This is an archive of the discontinued LLVM Phabricator instance.

[libc][rpc] Update locking to work on volta
ClosedPublic

Authored by JonChesterfield on May 4 2023, 1:14 PM.

Details

Summary

Carefully work around not knowing the thread mask that nvptx intrinsic
functions require.

If the warp is converged when calling try_lock, a single rpc call will handle
all lanes within it. Otherwise more than one rpc call with thread masks that
compose to the unknown one will occur.

Diff Detail

Event Timeline

JonChesterfield created this revision.May 4 2023, 1:14 PM
Herald added projects: Restricted Project, Restricted Project. · View Herald TranscriptMay 4 2023, 1:14 PM
JonChesterfield requested review of this revision.May 4 2023, 1:14 PM

We might end up with memory fences in lock/unlock but I'm hopeful the ones associated with send/recv will be sufficient.

Unlock is straightforward - fetch_and is doing the same thing as store zero, except making sure that at most one write of zero occurs in the warp.

Lock took a while to derive. The problem is that fetch_or can be run by threads which are not in lane_mask, or by a subset of lane_mask, and the threads outside of lane_mask may be the ones that win the fetch_or to set the bit. It might be clearer to use is_first_lane in lock instead of having all threads try to take the lock.

Both avoid branching in is_first_lane, partly on performance grounds and partly because simpler control flow seems to compile more reliably. This might allow removing the broadcast functions in util.

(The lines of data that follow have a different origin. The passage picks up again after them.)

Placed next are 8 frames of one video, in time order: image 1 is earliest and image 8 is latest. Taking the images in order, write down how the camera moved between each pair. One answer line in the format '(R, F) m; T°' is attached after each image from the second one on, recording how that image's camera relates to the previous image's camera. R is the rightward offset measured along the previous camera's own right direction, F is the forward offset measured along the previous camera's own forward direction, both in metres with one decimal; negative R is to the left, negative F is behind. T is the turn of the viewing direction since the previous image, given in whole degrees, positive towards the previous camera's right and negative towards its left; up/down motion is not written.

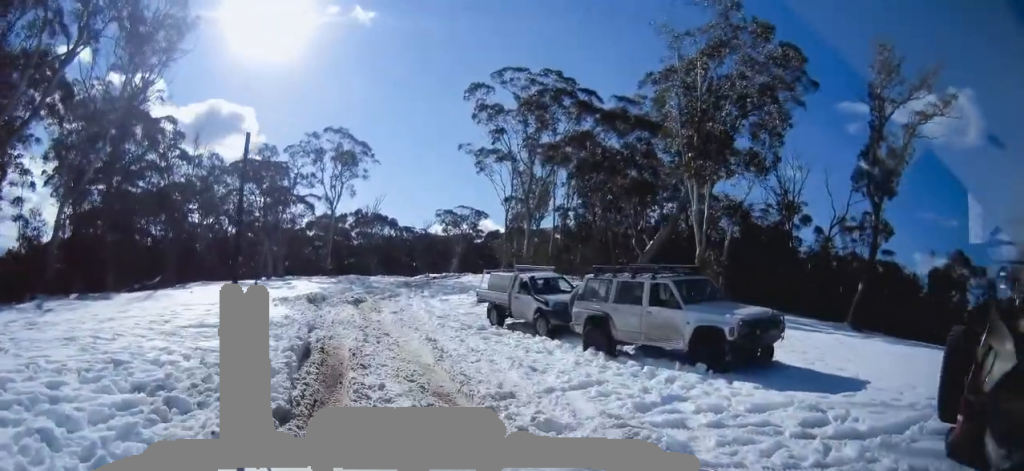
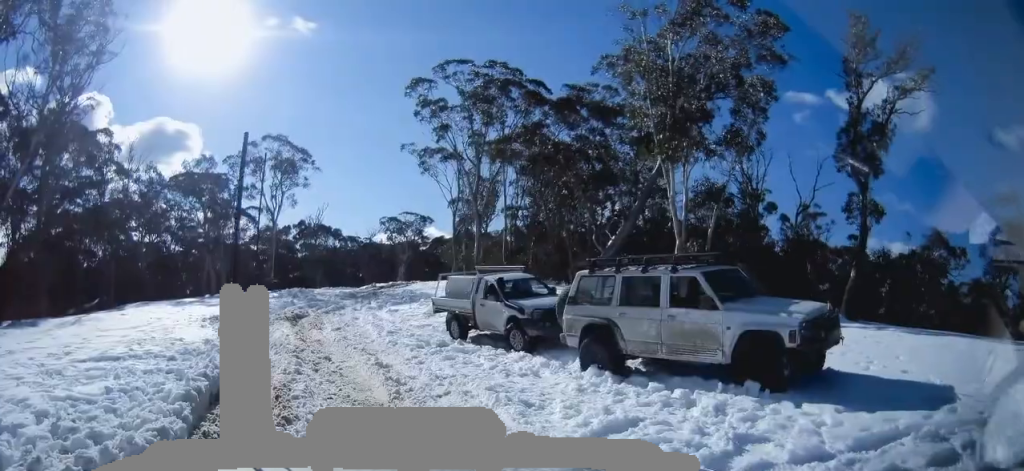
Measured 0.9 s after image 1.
(0.0, +3.4) m; 0°
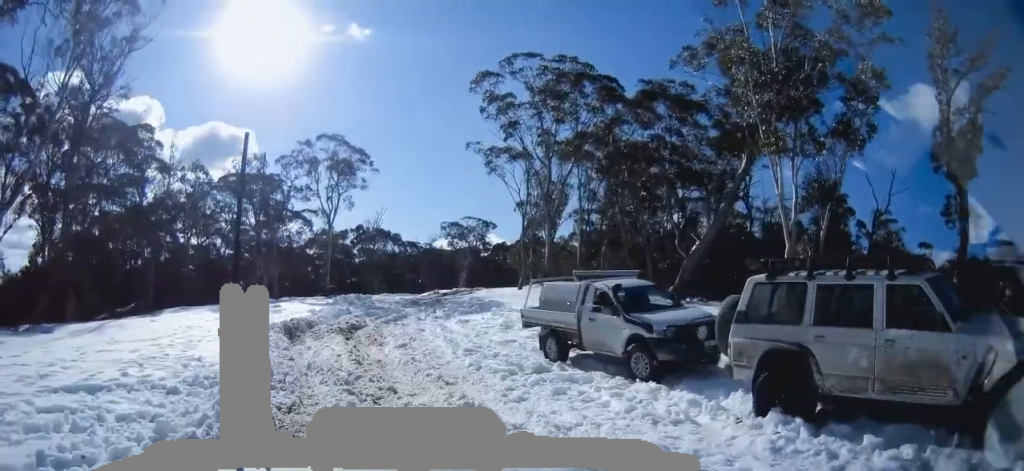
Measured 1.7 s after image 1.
(0.0, +3.2) m; 0°
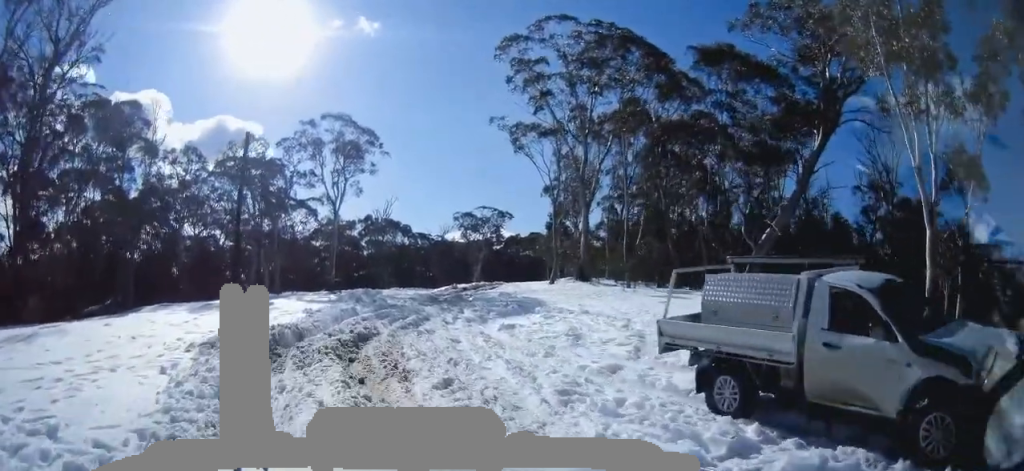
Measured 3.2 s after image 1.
(0.0, +6.0) m; +2°
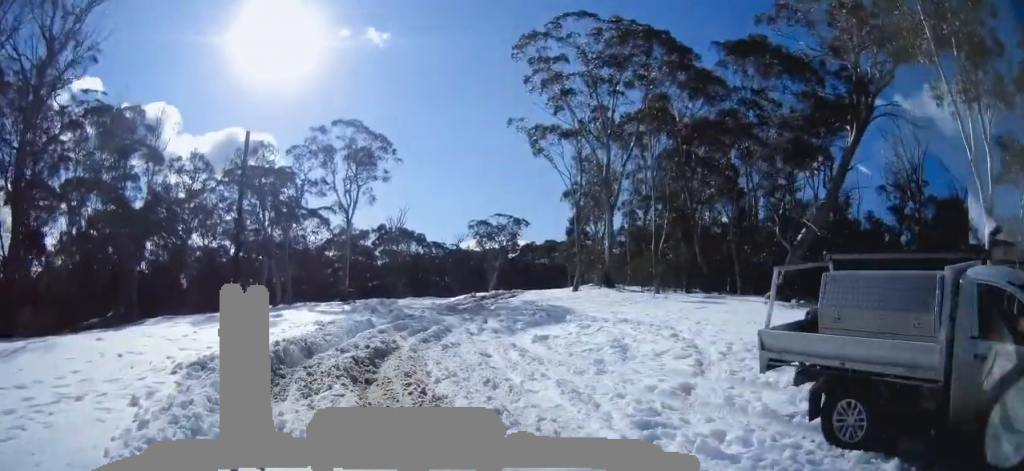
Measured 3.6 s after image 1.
(+0.1, +1.9) m; -4°
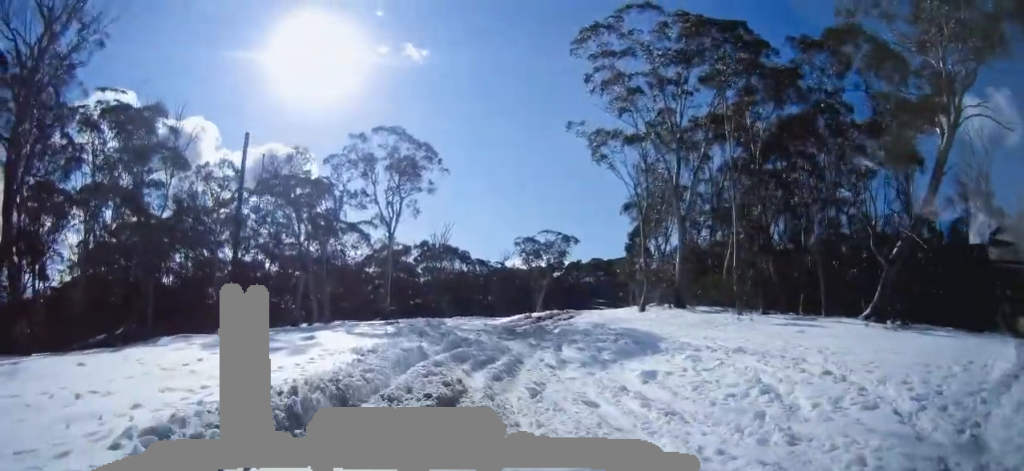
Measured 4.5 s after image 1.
(-0.1, +4.0) m; -10°
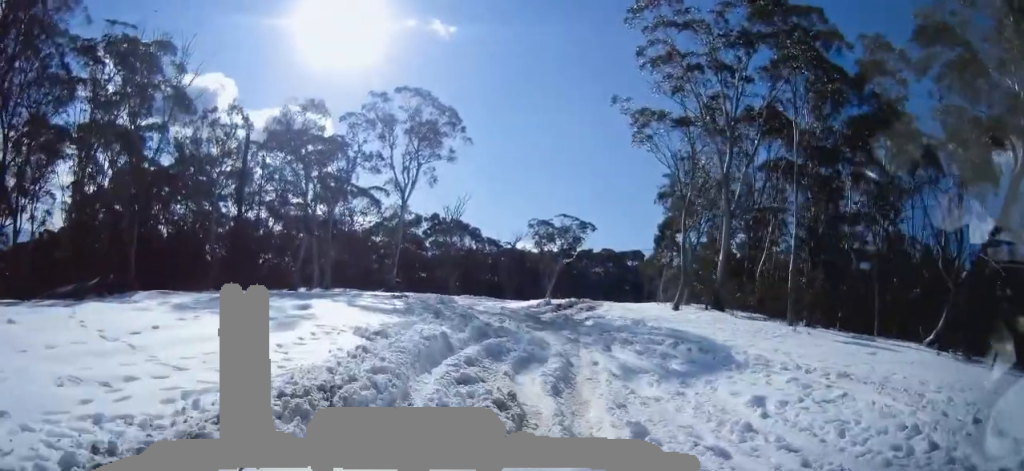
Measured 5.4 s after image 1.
(-0.7, +3.9) m; -4°
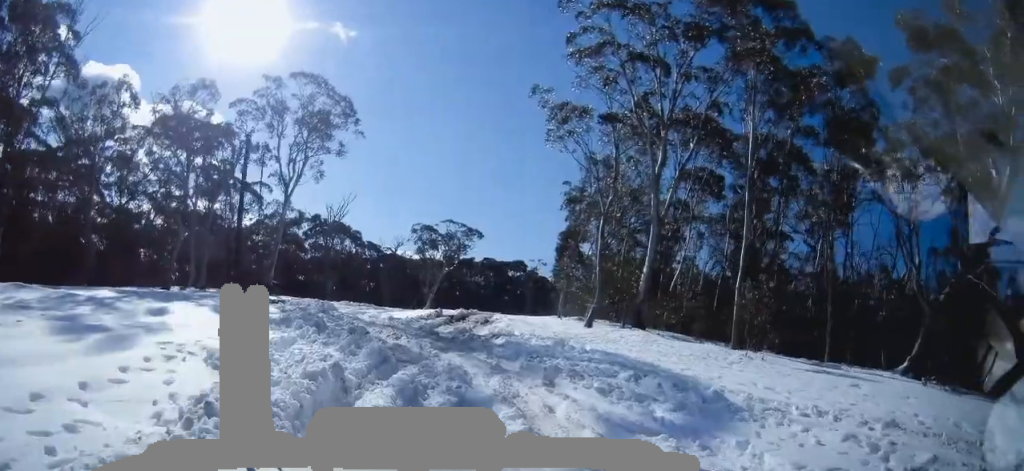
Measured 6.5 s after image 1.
(+0.5, +4.4) m; +15°

jhuber6 updated this revision to Diff 519649.May 4 2023, 2:04 PM

Fix missing header

jhuber6 accepted this revision.May 4 2023, 2:11 PM

Logic is harder to understand, but is probably more correct.

libc/src/__support/RPC/rpc.h
158

We might need another lane sync here. I'll test when I put the parallelism back in.

This revision is now accepted and ready to land.May 4 2023, 2:11 PM
  • update comment
This revision was automatically updated to reflect the committed changes.